It appears to be possible in some situations to overload the management interfaces of a Dell Equallogic filer. The situation we experienced with a client was that after running an internal vulnerability scan (required for PCI:DSS compliance), the monitoring system picked up that the web interface had stopped responding.
The vulnerability scan essentially attempts to determine what software is in use on each device, and look for known issues, either in terms of misconfiguration (e.g. insecure ciphers in use for SSL), or vulnerabilities (e.g. version X of package Y is known to be insecure). In doing so it does generate a fairly large number of requests, so the assumption is that this somehow overloaded the device.
Further investigation showed that even SSHing to the array or accessing the serial console was not possible – the login would succeed, but then no prompt would appear.
While it continued to serve iSCSI requests perfectly (and interestingly SNMP remained operational for monitoring), not having access to the management interfaces is a serious problem, as it means it is impossible to perform routine tasks such as managing snapshots, and in the event of a drive failure it will make it very difficult to determine what has occurred and take the necessary actions.
After some research, some discussions with Dell technical support, and some further investigation, we discovered a very simple solution. While CLI access to the array (via SSH / serial console) as either the ‘grpadmin’ user or a RADIUS account was not operational, we discovered it was possible to log in to the array as the ‘root’ user and get a root prompt.
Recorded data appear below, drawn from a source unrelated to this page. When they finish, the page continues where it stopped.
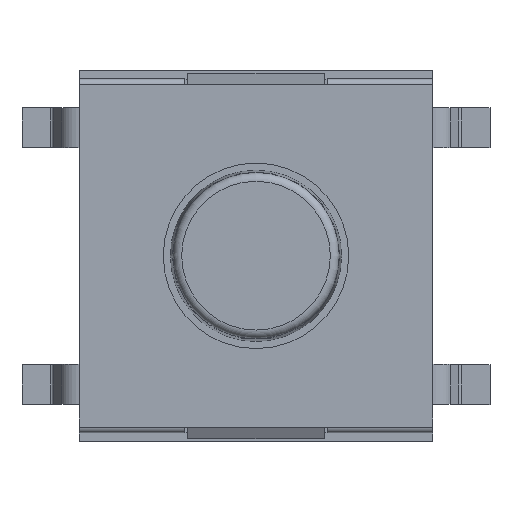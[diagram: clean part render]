
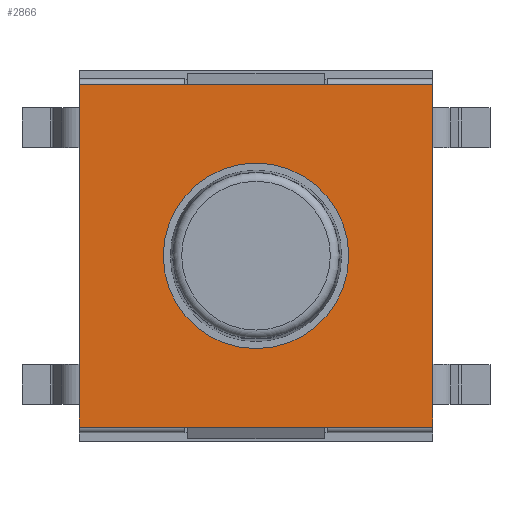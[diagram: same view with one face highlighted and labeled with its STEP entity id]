
A CAD part, top view. The second image highlights one B-rep face of the part: STEP entity #2866.
In plain terms, the highlighted planar face has unit normal (0, 0, 1).
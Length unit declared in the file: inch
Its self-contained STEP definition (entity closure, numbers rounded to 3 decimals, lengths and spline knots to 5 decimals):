
#301=CARTESIAN_POINT('',(-0.12205,-0.11807,0.10236));
#302=VERTEX_POINT('',#301);
#310=CARTESIAN_POINT('',(-0.12205,0.11807,0.10236));
#311=VERTEX_POINT('',#310);
#312=CARTESIAN_POINT('',(-0.12205,-0.11807,0.10236));
#313=DIRECTION('',(0.0,1.0,0.0));
#314=VECTOR('',#313,0.23614);
#315=LINE('',#312,#314);
#316=EDGE_CURVE('',#302,#311,#315,.T.);
#2481=CARTESIAN_POINT('',(0.12205,0.11807,0.10236));
#2482=VERTEX_POINT('',#2481);
#2490=CARTESIAN_POINT('',(0.12205,-0.11807,0.10236));
#2491=VERTEX_POINT('',#2490);
#2492=CARTESIAN_POINT('',(0.12205,0.11807,0.10236));
#2493=DIRECTION('',(0.0,-1.0,0.0));
#2494=VECTOR('',#2493,0.23614);
#2495=LINE('',#2492,#2494);
#2496=EDGE_CURVE('',#2482,#2491,#2495,.T.);
#2834=CARTESIAN_POINT('',(0.13425,-0.12988,0.10236));
#2835=DIRECTION('',(0.0,0.0,-1.0));
#2836=DIRECTION('',(-1.0,0.0,0.0));
#2837=AXIS2_PLACEMENT_3D('',#2834,#2835,#2836);
#2838=PLANE('',#2837);
#2839=CARTESIAN_POINT('',(-0.12205,-0.11807,0.10236));
#2840=DIRECTION('',(1.0,0.0,0.0));
#2841=VECTOR('',#2840,0.24409);
#2842=LINE('',#2839,#2841);
#2843=EDGE_CURVE('',#302,#2491,#2842,.T.);
#2844=ORIENTED_EDGE('',*,*,#2843,.T.);
#2845=ORIENTED_EDGE('',*,*,#2496,.F.);
#2846=CARTESIAN_POINT('',(0.12205,0.11807,0.10236));
#2847=DIRECTION('',(-1.0,0.0,0.0));
#2848=VECTOR('',#2847,0.24409);
#2849=LINE('',#2846,#2848);
#2850=EDGE_CURVE('',#2482,#311,#2849,.T.);
#2851=ORIENTED_EDGE('',*,*,#2850,.T.);
#2852=ORIENTED_EDGE('',*,*,#316,.F.);
#2853=EDGE_LOOP('',(#2844,#2845,#2851,#2852));
#2854=FACE_OUTER_BOUND('',#2853,.T.);
#2855=CARTESIAN_POINT('',(0.06398,0.,0.10236));
#2856=VERTEX_POINT('',#2855);
#2857=CARTESIAN_POINT('',(0.,0.,0.10236));
#2858=DIRECTION('',(0.0,0.0,-1.0));
#2859=DIRECTION('',(-1.0,0.0,0.0));
#2860=AXIS2_PLACEMENT_3D('',#2857,#2858,#2859);
#2861=CIRCLE('',#2860,0.06398);
#2862=EDGE_CURVE('',#2856,#2856,#2861,.T.);
#2863=ORIENTED_EDGE('',*,*,#2862,.T.);
#2864=EDGE_LOOP('',(#2863));
#2865=FACE_BOUND('',#2864,.T.);
#2866=ADVANCED_FACE('',(#2854,#2865),#2838,.F.);

The password for the ‘root’ user will likely have been set when the array was first commissioned – if you don’t know what it is then one suggestion would be to try your ‘grpadmin’ password.
Once there, it was then simply a matter of running the following command to restart the management interfaces (note this does not restart the filer, just the management tools so there should be no interruption in service):
eqlinit restart-snap netmgtd
This command completed essentially immediately, and the management interfaces became operational once more, allowing us to carry out some checks to ensure everthing was as expected.
While we need to point out that this information should be used at your own risk (and in particular if you have a support contract then we would always advise talking to Dell technical support prior to carrying out any unusual actions such as this), we hope it might come in useful in avoiding having to take more drastic actions such as causing a controller failover, or hard power cycling the filer, with all the associated risks of data corruption etc.